After polishing a v/c is there anyway to throw somekind of clear coating on it to stop from all the finger prints. I really want to do it because my Pops has his own metal polishing company with the big big buffers the spin at like 300 mph... But I don't want to be cleaning it every 3 days .


----------



## Nostrodomas (Jun 15, 2002)

I would think that any clear you put on it woudnt be able to stand the temps of the engine bay.


----------



## nitestridar (Jun 29, 2002)

I guess i will de1al with the prints then...... 
it has to look better thasn it does now


----------



## Nostrodomas (Jun 15, 2002)

Honestlly how much do you have you hands all over the cover anyway?
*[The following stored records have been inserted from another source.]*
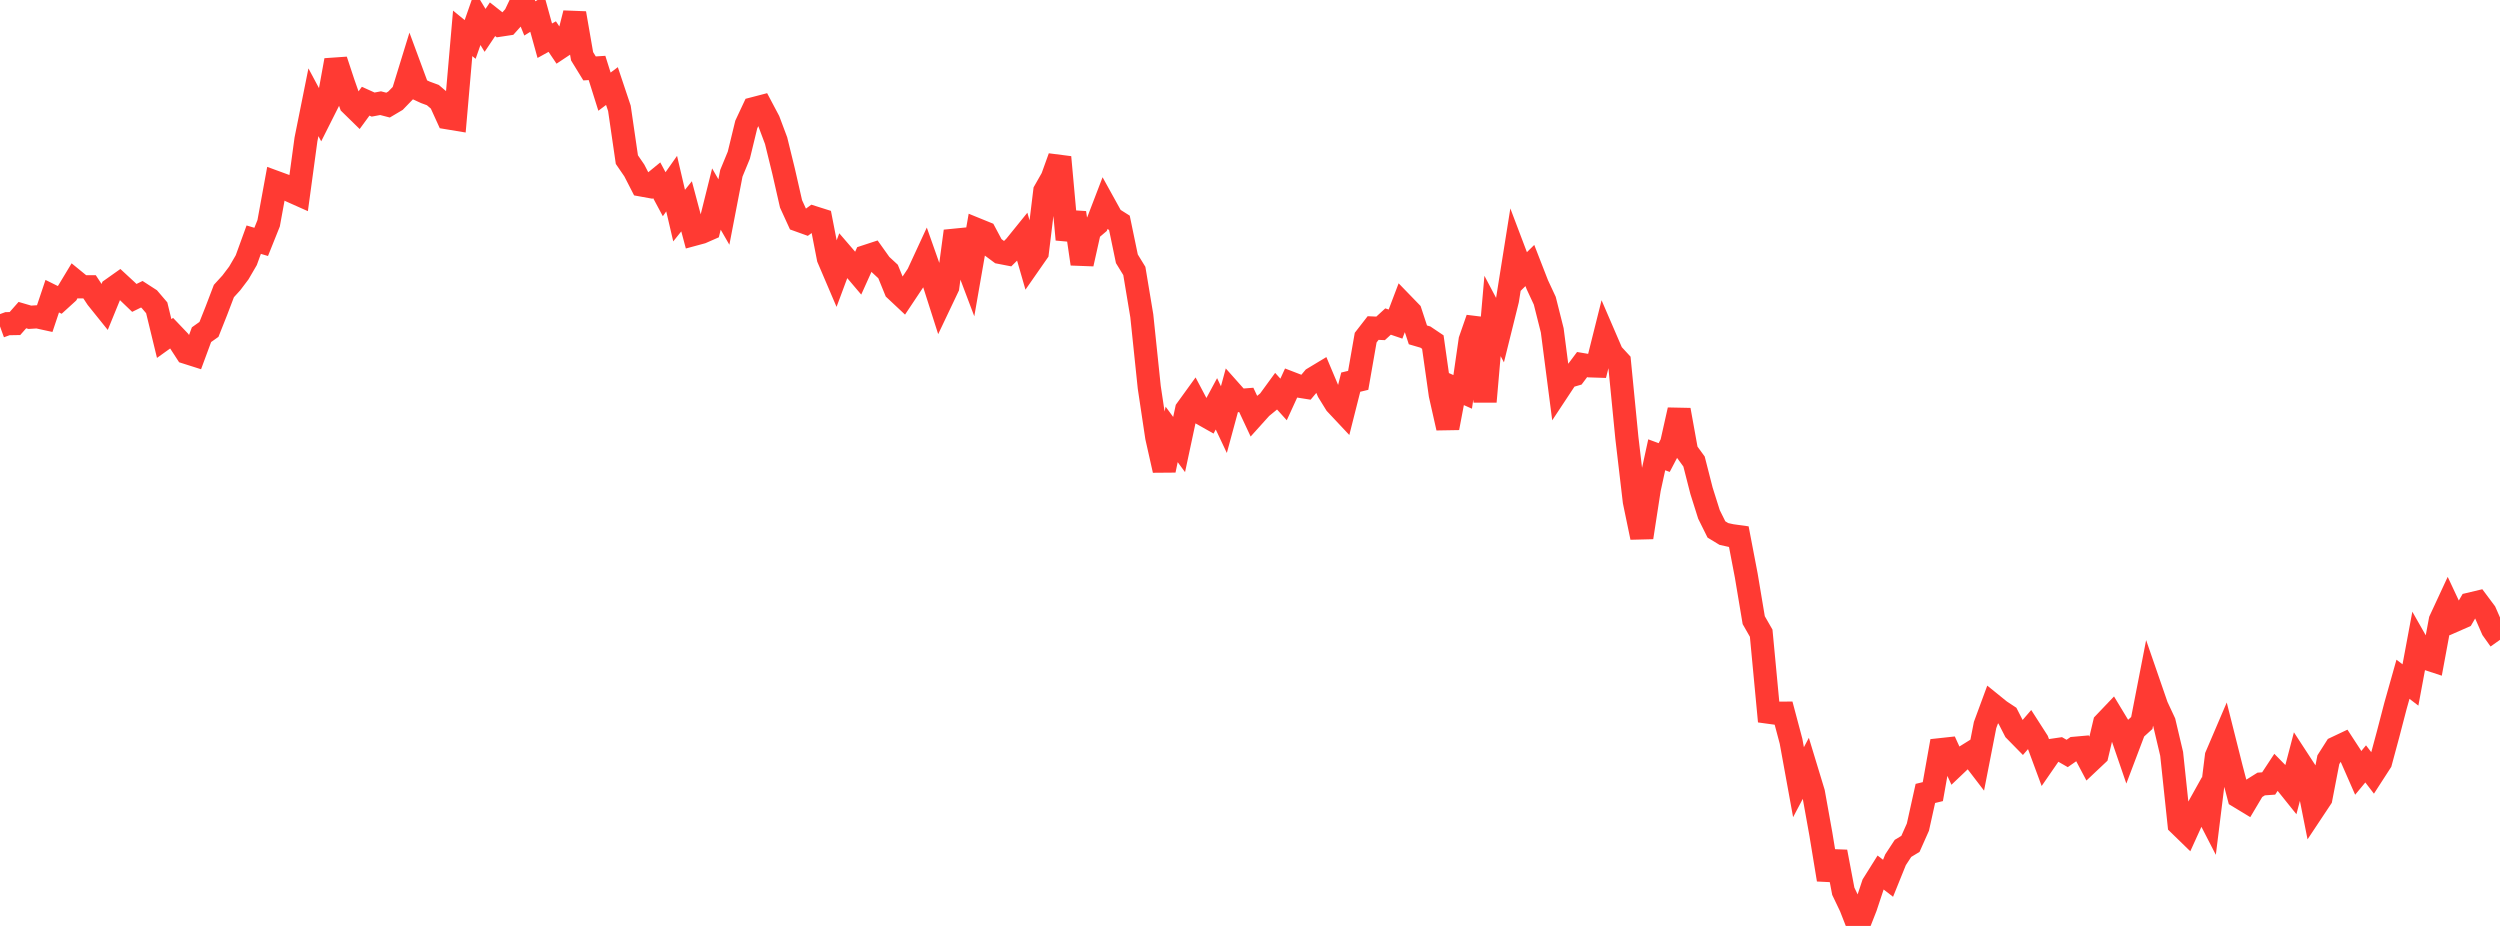 <?xml version="1.0" standalone="no"?>
<!DOCTYPE svg PUBLIC "-//W3C//DTD SVG 1.1//EN" "http://www.w3.org/Graphics/SVG/1.1/DTD/svg11.dtd">

<svg width="135" height="50" viewBox="0 0 135 50" preserveAspectRatio="none" 
  xmlns="http://www.w3.org/2000/svg"
  xmlns:xlink="http://www.w3.org/1999/xlink">


<polyline points="0.0, 17.625 0.403, 17.479 0.806, 17.472 1.209, 17.015 1.612, 17.133 2.015, 17.108 2.418, 17.196 2.821, 15.994 3.224, 16.194 3.627, 15.827 4.03, 15.159 4.433, 15.488 4.836, 15.486 5.239, 16.098 5.642, 16.599 6.045, 15.613 6.448, 15.328 6.851, 15.701 7.254, 16.087 7.657, 15.889 8.06, 16.149 8.463, 16.621 8.866, 18.28 9.269, 17.991 9.672, 18.414 10.075, 19.035 10.478, 19.163 10.881, 18.073 11.284, 17.787 11.687, 16.773 12.09, 15.716 12.493, 15.274 12.896, 14.741 13.299, 14.049 13.701, 12.942 14.104, 13.062 14.507, 12.056 14.91, 9.853 15.313, 10.001 15.716, 10.312 16.119, 10.492 16.522, 7.527 16.925, 5.522 17.328, 6.275 17.731, 5.474 18.134, 3.254 18.537, 4.475 18.94, 5.622 19.343, 6.016 19.746, 5.465 20.149, 5.647 20.552, 5.571 20.955, 5.676 21.358, 5.437 21.761, 5.02 22.164, 3.71 22.567, 4.799 22.97, 4.986 23.373, 5.134 23.776, 5.477 24.179, 6.362 24.582, 6.429 24.985, 1.802 25.388, 2.13 25.791, 0.98 26.194, 1.64 26.597, 1.039 27.0, 1.357 27.403, 1.296 27.806, 0.847 28.209, 0.0 28.612, 0.995 29.015, 0.743 29.418, 2.199 29.821, 1.976 30.224, 2.575 30.627, 2.307 31.03, 0.715 31.433, 3.039 31.836, 3.695 32.239, 3.669 32.642, 4.95 33.045, 4.647 33.448, 5.85 33.851, 8.619 34.254, 9.207 34.657, 9.992 35.06, 10.065 35.463, 9.735 35.866, 10.488 36.269, 9.916 36.672, 11.643 37.075, 11.141 37.478, 12.652 37.881, 12.543 38.284, 12.366 38.687, 10.749 39.09, 11.449 39.493, 9.358 39.896, 8.381 40.299, 6.723 40.701, 5.866 41.104, 5.761 41.507, 6.522 41.91, 7.597 42.313, 9.241 42.716, 11.009 43.119, 11.891 43.522, 12.036 43.925, 11.743 44.328, 11.871 44.731, 13.944 45.134, 14.888 45.537, 13.806 45.94, 14.274 46.343, 14.749 46.746, 13.854 47.149, 13.722 47.552, 14.288 47.955, 14.661 48.358, 15.65 48.761, 16.028 49.164, 15.423 49.567, 14.817 49.97, 13.945 50.373, 15.086 50.776, 16.348 51.179, 15.501 51.582, 12.483 51.985, 13.658 52.388, 14.723 52.791, 12.412 53.194, 12.576 53.597, 13.331 54.0, 13.63 54.403, 13.708 54.806, 13.309 55.209, 12.811 55.612, 14.208 56.015, 13.629 56.418, 10.318 56.821, 9.608 57.224, 8.489 57.627, 12.934 58.03, 11.488 58.433, 14.249 58.836, 12.443 59.239, 12.1 59.642, 11.049 60.045, 11.778 60.448, 12.032 60.851, 13.974 61.254, 14.631 61.657, 17.053 62.06, 20.915 62.463, 23.603 62.866, 25.393 63.269, 23.457 63.672, 24.005 64.075, 22.12 64.478, 21.563 64.881, 22.327 65.284, 22.555 65.687, 21.806 66.09, 22.66 66.493, 21.174 66.896, 21.627 67.299, 21.595 67.701, 22.454 68.104, 22.007 68.507, 21.677 68.91, 21.125 69.313, 21.571 69.716, 20.692 70.119, 20.847 70.522, 20.911 70.925, 20.433 71.328, 20.19 71.731, 21.147 72.134, 21.801 72.537, 22.23 72.94, 20.636 73.343, 20.539 73.746, 18.233 74.149, 17.714 74.552, 17.732 74.955, 17.363 75.358, 17.5 75.761, 16.44 76.164, 16.856 76.567, 18.083 76.97, 18.201 77.373, 18.472 77.776, 21.321 78.179, 23.108 78.582, 20.982 78.985, 21.162 79.388, 18.364 79.791, 17.206 80.194, 21.689 80.597, 17.062 81.0, 17.826 81.403, 16.201 81.806, 13.672 82.209, 14.735 82.612, 14.338 83.015, 15.374 83.418, 16.239 83.821, 17.84 84.224, 20.952 84.627, 20.342 85.03, 20.225 85.433, 19.687 85.836, 19.755 86.239, 19.768 86.642, 18.157 87.045, 19.092 87.448, 19.529 87.851, 23.643 88.254, 27.078 88.657, 29.021 89.06, 26.41 89.463, 24.559 89.866, 24.708 90.269, 23.937 90.672, 22.138 91.075, 24.369 91.478, 24.922 91.881, 26.501 92.284, 27.778 92.687, 28.59 93.09, 28.835 93.493, 28.924 93.896, 28.98 94.299, 31.084 94.701, 33.488 95.104, 34.192 95.507, 38.459 95.91, 38.514 96.313, 38.511 96.716, 40.025 97.119, 42.239 97.522, 41.476 97.925, 42.802 98.328, 45.047 98.731, 47.5 99.134, 45.997 99.537, 48.125 99.94, 48.969 100.343, 50.0 100.746, 48.973 101.149, 47.758 101.552, 47.115 101.955, 47.427 102.358, 46.429 102.761, 45.813 103.164, 45.569 103.567, 44.664 103.97, 42.845 104.373, 42.748 104.776, 40.483 105.179, 40.439 105.582, 41.321 105.985, 40.938 106.388, 40.687 106.791, 41.213 107.194, 39.15 107.597, 38.058 108.0, 38.384 108.403, 38.65 108.806, 39.437 109.209, 39.848 109.612, 39.382 110.015, 40.01 110.418, 41.099 110.821, 40.515 111.224, 40.456 111.627, 40.687 112.03, 40.407 112.433, 40.371 112.836, 41.132 113.239, 40.752 113.642, 39.054 114.045, 38.631 114.448, 39.298 114.851, 40.472 115.254, 39.408 115.657, 39.042 116.06, 36.97 116.463, 38.137 116.866, 39 117.269, 40.708 117.672, 44.51 118.075, 44.902 118.478, 44.016 118.881, 43.292 119.284, 44.075 119.687, 40.827 120.09, 39.884 120.493, 41.486 120.896, 43.021 121.299, 43.265 121.701, 42.588 122.104, 42.336 122.507, 42.308 122.91, 41.696 123.313, 42.107 123.716, 42.609 124.119, 41.068 124.522, 41.686 124.925, 43.716 125.328, 43.109 125.731, 41.024 126.134, 40.391 126.537, 40.2 126.94, 40.819 127.343, 41.737 127.746, 41.25 128.149, 41.775 128.552, 41.151 128.955, 39.656 129.358, 38.109 129.761, 36.68 130.164, 36.989 130.567, 34.827 130.97, 35.537 131.373, 35.67 131.776, 33.497 132.179, 32.629 132.582, 33.489 132.985, 33.312 133.388, 32.618 133.791, 32.522 134.194, 33.062 134.597, 33.982 135.0, 34.55" fill="none" stroke="#ff3a33" stroke-width="1.25"/>

</svg>

Just keep a soft cloth with you when you work on your engine, and wipe it down when you finished........lol


----------



## JayL1967 (Apr 30, 2002)

use paint (clear coat) for high temp
u can find it at auto zone


----------



## Guest (Jan 1, 2003)

Peeps, How much is the B13 cover and are they like hard to find? We only got plastic ones in Oz.


----------



## JT200SX-N-FX (May 30, 2002)

Got mine from a local junkyard for about 15 bucks, they are all metal, as stated before, eventhough they don't look like it.


----------



## Revolution (Dec 26, 2002)

myoung said:


> *Here's the results of the B13 cover on the B14... *



How do you get it to have a clean chome polish like that?


----------



## myoung (Apr 15, 2002)

Revolution said:


> *How do you get it to have a clean chome polish like that? *


Had it polished and ultrasonicially cleaned at a local metal polishing shop...


----------



## Nostrodomas (Jun 15, 2002)

How much did that run you Mike? I have a place that will polish mine out for fifty bucks. I just want to know the going price for something like that.


----------



## myoung (Apr 15, 2002)

Nostrodomas said:


> *How much did that run you Mike? I have a place that will polish mine out for fifty bucks. I just want to know the going price for something like that. *



yeah that's about right...I think it was maybe an extra 20 for the ultrasonic cleaning... but worth it..


----------



## andre (Apr 30, 2002)

Whats ultrasonic cleaning?


----------



## Nostrodomas (Jun 15, 2002)

A transducer mounted on the side or bottom of a cleaning tank is excited by a frequency generator to produce high frequency vibrations in the cleaning medium. These vibrations dislodge contaminants from crevices and blind holes that normal cleaning methods would not affect.


----------



## andre (Apr 30, 2002)

Cool....thanks Nostrodomas


----------